--- Raw data ---
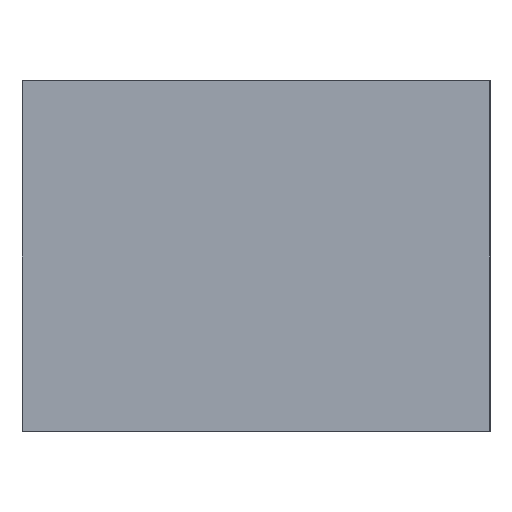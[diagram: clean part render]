
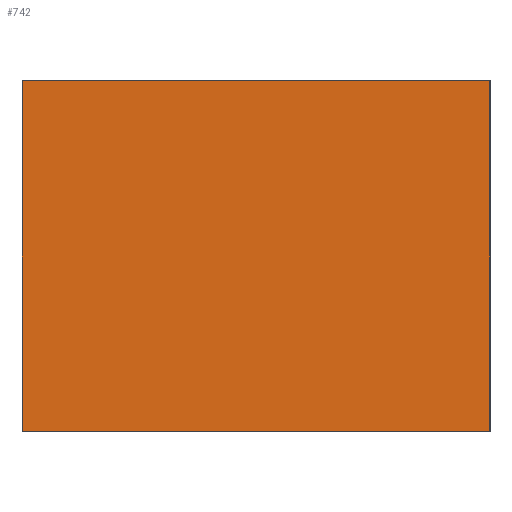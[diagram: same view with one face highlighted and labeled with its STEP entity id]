
A CAD part, left-side view. The second image highlights one B-rep face of the part: STEP entity #742.
In plain terms, the highlighted free-form (B-spline) face has degree [1, 1] with [2, 2] control points.
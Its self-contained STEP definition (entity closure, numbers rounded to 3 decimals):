
#362 = B_SPLINE_SURFACE_WITH_KNOTS('',1,1,(
    (#363,#364)
    ,(#365,#366
    )),.UNSPECIFIED.,.F.,.F.,.F.,(2,2),(2,2),(0.013,0.613),(
    0.038,1.838),.PIECEWISE_BEZIER_KNOTS.);
#363 = CARTESIAN_POINT('',(-0.8,-0.4,0.6));
#364 = CARTESIAN_POINT('',(-0.8,0.4,0.6));
#365 = CARTESIAN_POINT('',(-0.518,-0.4,0.6));
#366 = CARTESIAN_POINT('',(-0.518,0.4,0.6));
#434 = B_SPLINE_SURFACE_WITH_KNOTS('',1,1,(
    (#435,#436)
    ,(#437,#438
    )),.UNSPECIFIED.,.F.,.F.,.F.,(2,2),(2,2),(0.033,0.733),(0.213,
    0.813),.PIECEWISE_BEZIER_KNOTS.);
#435 = CARTESIAN_POINT('',(-0.8,-0.4,0.6));
#436 = CARTESIAN_POINT('',(-0.518,-0.4,0.6));
#437 = CARTESIAN_POINT('',(-0.8,-0.4,0.));
#438 = CARTESIAN_POINT('',(-0.518,-0.4,0.));
#507 = B_SPLINE_SURFACE_WITH_KNOTS('',1,1,(
    (#508,#509)
    ,(#510,#511
    )),.UNSPECIFIED.,.F.,.F.,.F.,(2,2),(2,2),(0.013,0.613),(
    0.088,1.888),.PIECEWISE_BEZIER_KNOTS.);
#508 = CARTESIAN_POINT('',(-0.8,-0.4,0.));
#509 = CARTESIAN_POINT('',(-0.8,0.4,0.));
#510 = CARTESIAN_POINT('',(-0.518,-0.4,0.));
#511 = CARTESIAN_POINT('',(-0.518,0.4,0.));
#538 = B_SPLINE_SURFACE_WITH_KNOTS('',1,1,(
    (#539,#540)
    ,(#541,#542
    )),.UNSPECIFIED.,.F.,.F.,.F.,(2,2),(2,2),(0.033,0.733),(
    0.013,0.613),.PIECEWISE_BEZIER_KNOTS.);
#539 = CARTESIAN_POINT('',(-0.8,0.4,0.));
#540 = CARTESIAN_POINT('',(-0.518,0.4,0.));
#541 = CARTESIAN_POINT('',(-0.8,0.4,0.6));
#542 = CARTESIAN_POINT('',(-0.518,0.4,0.6));
#554 = VERTEX_POINT('',#555);
#555 = CARTESIAN_POINT('',(-0.8,0.4,0.6));
#575 = EDGE_CURVE('',#576,#554,#578,.T.);
#576 = VERTEX_POINT('',#577);
#577 = CARTESIAN_POINT('',(-0.8,-0.4,0.6));
#578 = SURFACE_CURVE('',#579,(#582,#589),.PCURVE_S1.);
#579 = B_SPLINE_CURVE_WITH_KNOTS('',1,(#580,#581),.UNSPECIFIED.,.F.,.F.,
  (2,2),(0.,1.8),.PIECEWISE_BEZIER_KNOTS.);
#580 = CARTESIAN_POINT('',(-0.8,-0.4,0.6));
#581 = CARTESIAN_POINT('',(-0.8,0.4,0.6));
#582 = PCURVE('',#362,#583);
#583 = DEFINITIONAL_REPRESENTATION('',(#584),#588);
#584 = B_SPLINE_CURVE_WITH_KNOTS('',2,(#585,#586,#587),.UNSPECIFIED.,.F.
  ,.F.,(3,3),(0.,1.8),.PIECEWISE_BEZIER_KNOTS.);
#585 = CARTESIAN_POINT('',(0.013,0.038));
#586 = CARTESIAN_POINT('',(0.013,0.938));
#587 = CARTESIAN_POINT('',(0.013,1.838));
#588 = ( GEOMETRIC_REPRESENTATION_CONTEXT(2) 
PARAMETRIC_REPRESENTATION_CONTEXT() REPRESENTATION_CONTEXT('2D SPACE',''
  ) );
#589 = PCURVE('',#590,#595);
#590 = B_SPLINE_SURFACE_WITH_KNOTS('',1,1,(
    (#591,#592)
    ,(#593,#594
    )),.UNSPECIFIED.,.F.,.F.,.F.,(2,2),(2,2),(0.033,0.733),(
    0.038,1.838),.PIECEWISE_BEZIER_KNOTS.);
#591 = CARTESIAN_POINT('',(-0.8,-0.4,0.)
  );
#592 = CARTESIAN_POINT('',(-0.8,0.4,0.)
  );
#593 = CARTESIAN_POINT('',(-0.8,-0.4,0.6));
#594 = CARTESIAN_POINT('',(-0.8,0.4,0.6));
#595 = DEFINITIONAL_REPRESENTATION('',(#596),#600);
#596 = B_SPLINE_CURVE_WITH_KNOTS('',2,(#597,#598,#599),.UNSPECIFIED.,.F.
  ,.F.,(3,3),(0.,1.8),.PIECEWISE_BEZIER_KNOTS.);
#597 = CARTESIAN_POINT('',(0.733,0.038));
#598 = CARTESIAN_POINT('',(0.733,0.938));
#599 = CARTESIAN_POINT('',(0.733,1.838));
#600 = ( GEOMETRIC_REPRESENTATION_CONTEXT(2) 
PARAMETRIC_REPRESENTATION_CONTEXT() REPRESENTATION_CONTEXT('2D SPACE',''
  ) );
#627 = EDGE_CURVE('',#576,#628,#630,.T.);
#628 = VERTEX_POINT('',#629);
#629 = CARTESIAN_POINT('',(-0.8,-0.4,0.));
#630 = SURFACE_CURVE('',#631,(#634,#641),.PCURVE_S1.);
#631 = B_SPLINE_CURVE_WITH_KNOTS('',1,(#632,#633),.UNSPECIFIED.,.F.,.F.,
  (2,2),(0.,0.7),.PIECEWISE_BEZIER_KNOTS.);
#632 = CARTESIAN_POINT('',(-0.8,-0.4,0.6));
#633 = CARTESIAN_POINT('',(-0.8,-0.4,0.));
#634 = PCURVE('',#434,#635);
#635 = DEFINITIONAL_REPRESENTATION('',(#636),#640);
#636 = B_SPLINE_CURVE_WITH_KNOTS('',2,(#637,#638,#639),.UNSPECIFIED.,.F.
  ,.F.,(3,3),(0.,0.7),.PIECEWISE_BEZIER_KNOTS.);
#637 = CARTESIAN_POINT('',(0.033,0.213));
#638 = CARTESIAN_POINT('',(0.383,0.213));
#639 = CARTESIAN_POINT('',(0.733,0.213));
#640 = ( GEOMETRIC_REPRESENTATION_CONTEXT(2) 
PARAMETRIC_REPRESENTATION_CONTEXT() REPRESENTATION_CONTEXT('2D SPACE',''
  ) );
#641 = PCURVE('',#590,#642);
#642 = DEFINITIONAL_REPRESENTATION('',(#643),#647);
#643 = B_SPLINE_CURVE_WITH_KNOTS('',2,(#644,#645,#646),.UNSPECIFIED.,.F.
  ,.F.,(3,3),(0.,0.7),.PIECEWISE_BEZIER_KNOTS.);
#644 = CARTESIAN_POINT('',(0.733,0.038));
#645 = CARTESIAN_POINT('',(0.383,0.038));
#646 = CARTESIAN_POINT('',(0.033,0.038));
#647 = ( GEOMETRIC_REPRESENTATION_CONTEXT(2) 
PARAMETRIC_REPRESENTATION_CONTEXT() REPRESENTATION_CONTEXT('2D SPACE',''
  ) );
#673 = EDGE_CURVE('',#674,#628,#676,.T.);
#674 = VERTEX_POINT('',#675);
#675 = CARTESIAN_POINT('',(-0.8,0.4,0.));
#676 = SURFACE_CURVE('',#677,(#680,#687),.PCURVE_S1.);
#677 = B_SPLINE_CURVE_WITH_KNOTS('',1,(#678,#679),.UNSPECIFIED.,.F.,.F.,
  (2,2),(0.,1.8),.PIECEWISE_BEZIER_KNOTS.);
#678 = CARTESIAN_POINT('',(-0.8,0.4,0.));
#679 = CARTESIAN_POINT('',(-0.8,-0.4,0.));
#680 = PCURVE('',#507,#681);
#681 = DEFINITIONAL_REPRESENTATION('',(#682),#686);
#682 = B_SPLINE_CURVE_WITH_KNOTS('',2,(#683,#684,#685),.UNSPECIFIED.,.F.
  ,.F.,(3,3),(0.,1.8),.PIECEWISE_BEZIER_KNOTS.);
#683 = CARTESIAN_POINT('',(0.013,1.888));
#684 = CARTESIAN_POINT('',(0.013,0.988));
#685 = CARTESIAN_POINT('',(0.013,0.088));
#686 = ( GEOMETRIC_REPRESENTATION_CONTEXT(2) 
PARAMETRIC_REPRESENTATION_CONTEXT() REPRESENTATION_CONTEXT('2D SPACE',''
  ) );
#687 = PCURVE('',#590,#688);
#688 = DEFINITIONAL_REPRESENTATION('',(#689),#693);
#689 = B_SPLINE_CURVE_WITH_KNOTS('',2,(#690,#691,#692),.UNSPECIFIED.,.F.
  ,.F.,(3,3),(0.,1.8),.PIECEWISE_BEZIER_KNOTS.);
#690 = CARTESIAN_POINT('',(0.033,1.838));
#691 = CARTESIAN_POINT('',(0.033,0.938));
#692 = CARTESIAN_POINT('',(0.033,0.038));
#693 = ( GEOMETRIC_REPRESENTATION_CONTEXT(2) 
PARAMETRIC_REPRESENTATION_CONTEXT() REPRESENTATION_CONTEXT('2D SPACE',''
  ) );
#723 = EDGE_CURVE('',#674,#554,#724,.T.);
#724 = SURFACE_CURVE('',#725,(#728,#735),.PCURVE_S1.);
#725 = B_SPLINE_CURVE_WITH_KNOTS('',1,(#726,#727),.UNSPECIFIED.,.F.,.F.,
  (2,2),(0.,0.7),.PIECEWISE_BEZIER_KNOTS.);
#726 = CARTESIAN_POINT('',(-0.8,0.4,0.));
#727 = CARTESIAN_POINT('',(-0.8,0.4,0.6));
#728 = PCURVE('',#538,#729);
#729 = DEFINITIONAL_REPRESENTATION('',(#730),#734);
#730 = B_SPLINE_CURVE_WITH_KNOTS('',2,(#731,#732,#733),.UNSPECIFIED.,.F.
  ,.F.,(3,3),(0.,0.7),.PIECEWISE_BEZIER_KNOTS.);
#731 = CARTESIAN_POINT('',(0.033,0.013));
#732 = CARTESIAN_POINT('',(0.383,0.013));
#733 = CARTESIAN_POINT('',(0.733,0.013));
#734 = ( GEOMETRIC_REPRESENTATION_CONTEXT(2) 
PARAMETRIC_REPRESENTATION_CONTEXT() REPRESENTATION_CONTEXT('2D SPACE',''
  ) );
#735 = PCURVE('',#590,#736);
#736 = DEFINITIONAL_REPRESENTATION('',(#737),#741);
#737 = B_SPLINE_CURVE_WITH_KNOTS('',2,(#738,#739,#740),.UNSPECIFIED.,.F.
  ,.F.,(3,3),(0.,0.7),.PIECEWISE_BEZIER_KNOTS.);
#738 = CARTESIAN_POINT('',(0.033,1.838));
#739 = CARTESIAN_POINT('',(0.383,1.838));
#740 = CARTESIAN_POINT('',(0.733,1.838));
#741 = ( GEOMETRIC_REPRESENTATION_CONTEXT(2) 
PARAMETRIC_REPRESENTATION_CONTEXT() REPRESENTATION_CONTEXT('2D SPACE',''
  ) );
#742 = ADVANCED_FACE('',(#743),#590,.T.);
#743 = FACE_BOUND('',#744,.T.);
#744 = EDGE_LOOP('',(#745,#746,#747,#748));
#745 = ORIENTED_EDGE('',*,*,#575,.T.);
#746 = ORIENTED_EDGE('',*,*,#723,.F.);
#747 = ORIENTED_EDGE('',*,*,#673,.T.);
#748 = ORIENTED_EDGE('',*,*,#627,.F.);
---
§ **Task instructions**: Would you please copy exactly the part of the entries above that begins at the line containing "A CAD part, left-side" and ends at the line containing "In plain terms, the", both lines included?

§ **Solution for this problem**:
A CAD part, left-side view. The second image highlights one B-rep face of the part: STEP entity #742.
In plain terms, the highlighted free-form (B-spline) face has degree [1, 1] with [2, 2] control points.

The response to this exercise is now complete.